The buildings possessed a rustic, old-world charm that reminded him of the countryside architecture of Europe, perhaps in the late 1800s. But it was the people who truly rattled his sense of reality.
The fashion was a jarring collision of eras. He saw men in tight-fitting leather jackets and long, hooded coats.
Beneath their outerwear, they wore vests identical to his own, bristling with pockets of every conceivable shape and size. Some sported elegant scarves and tall, antiquated hats, while many walked with heavy wooden canes that they used with a certain rhythmic authority.
Thomas searched the crowd for the one thing that would make sense of this scene: firearms. If he saw a pistol or a rifle, he could categorize this as a perfect, large-scale nineteenth-century reenactment. But there were no guns. No holsters. No barrels glinting in the orange sun.
The women added to the temporal confusion, wearing elaborate gowns with high collars and bustles that screamed Victorian England.
"I came back in time... damn it," Thomas whispered to himself, his heart sinking. "Is this dream set in the nineteenth century?"
The theory felt solid until he remembered the face in the mirror. He had never looked like that teenager. He had no memory of ever possessing that jawline or those eyes.

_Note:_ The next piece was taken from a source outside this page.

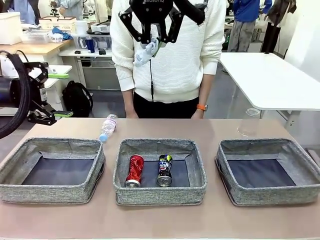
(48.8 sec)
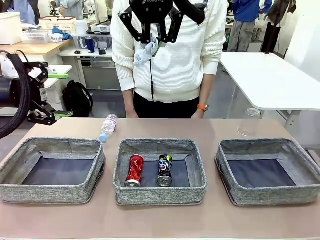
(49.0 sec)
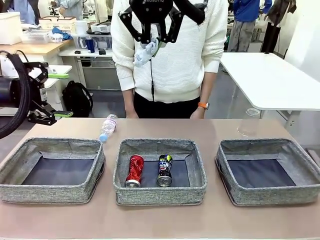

Every sensory input told him this was real—the smell of the dust, the chill of the breeze, the vibration of the seat—yet every logical thread told him it was impossible.
"But... there were no superheroes in the 1800s," he argued with himself silently, his mind a battlefield of conflicting evidence. "And the early internal combustion engines never produced something as massive and structurally unsound as Becky. The physics are wrong. The history is wrong."
He remained silent, his eyes darting between the gothic and steampunk-inspired residents.
He saw men who looked like they were ready to engage in a high-noon duel at any second, yet they carried only canes and curious, glowing trinkets. It was a world that had mastered the aesthetic of the past but had fueled it with a future he didn't understand.
As Becky rumbled deeper into the heart of the Dante Settlement, Thomas realised he wasn't just a detective on a case anymore. He was a ghost in a machine he didn't know how to operate, in a time that hadn't happened yet.
As they rumbled deeper into the heart of the settlement, it became clear that Becky was not a unique monstrosity. She was merely one predator in a pack.